Russell Williamson

Personal information
- Full name: Russell Ian Williamson
- Date of birth: 17 March 1980 (age 46)
- Place of birth: Loughton, England
- Position: Midfielder

Youth career
- Wimbledon

Senior career*
- Years: Team / Apps / (Gls)
- 1998–2000: Wimbledon / 0 / (0)
- 2000–2001: Southend United / 12 / (0)
- 2001–2002: Chelmsford City / 8 / (0)
- Bishop's Stortford
- Hornchurch
- Billericay Town
- Heybridge Swifts
- Waltham Abbey
- Bishop's Stortford
- Brimsdown Rovers
- Enfield 1893

= Russell Williamson =

English footballer

Russell Ian Williamson (born 17 March 1980) is an English former footballer who played as a midfielder.

==Career==
After progressing through the youth ranks, Williamson signed a professional contract with Wimbledon in June 1998. Upon his release from Wimbledon, Williamson underwent a trial with Scottish club Clyde.
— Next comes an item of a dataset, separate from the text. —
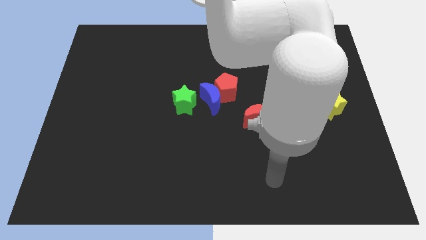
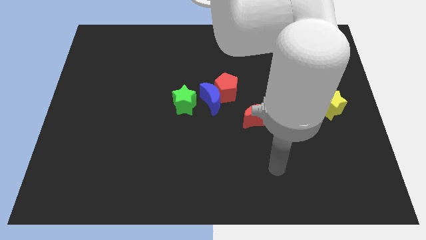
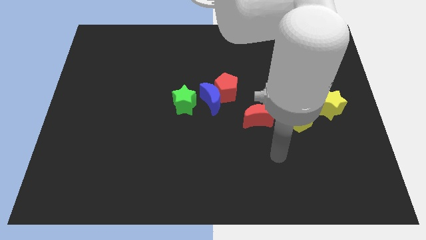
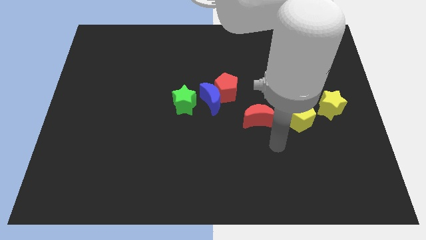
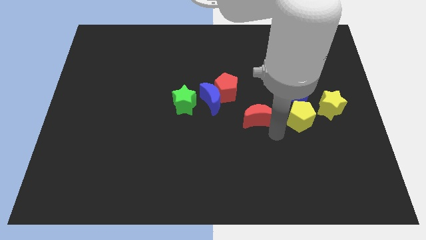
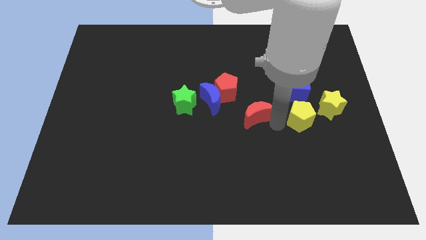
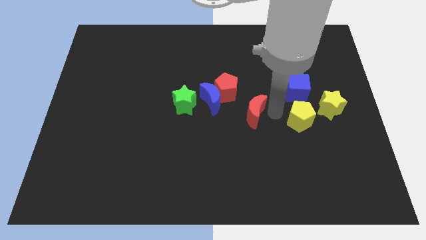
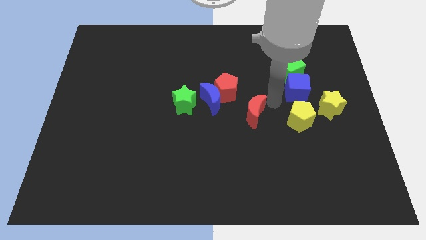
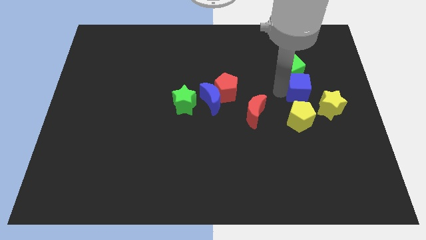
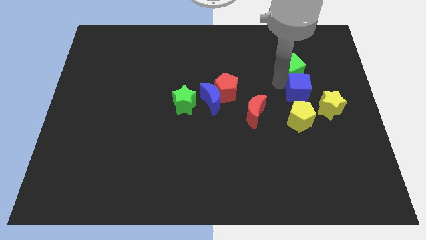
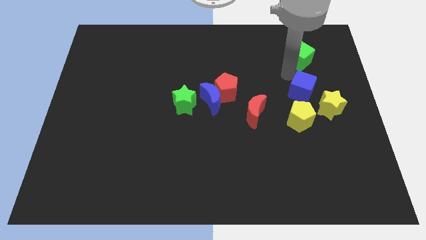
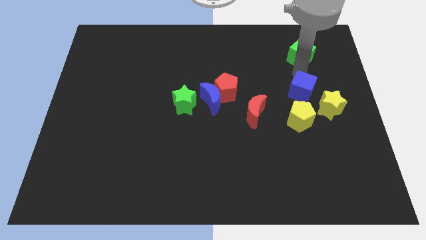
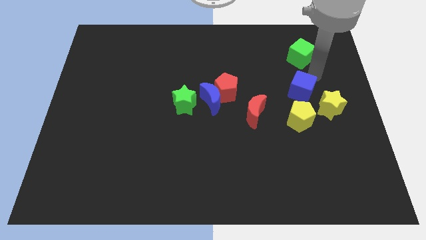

In November 2000, Williamson signed for Southend United. During his time at Southend, Williamson made twelve Football League appearances, starting nine times. Williamson scored twice for Southend, coming in FA Cup matches against Torquay United. Following his spell with Southend, Williamson dropped into Non-League football, playing for Chelmsford City, Bishop's Stortford, Hornchurch, Billericay Town, Heybridge Swifts, Waltham Abbey, Brimsdown Rovers and Enfield 1893.

During the 2009–10 season, Owusu played alongside former Wimbledon and Chelmsford teammate Ansah Owusu for Larsens in the Waltham Sunday Football League.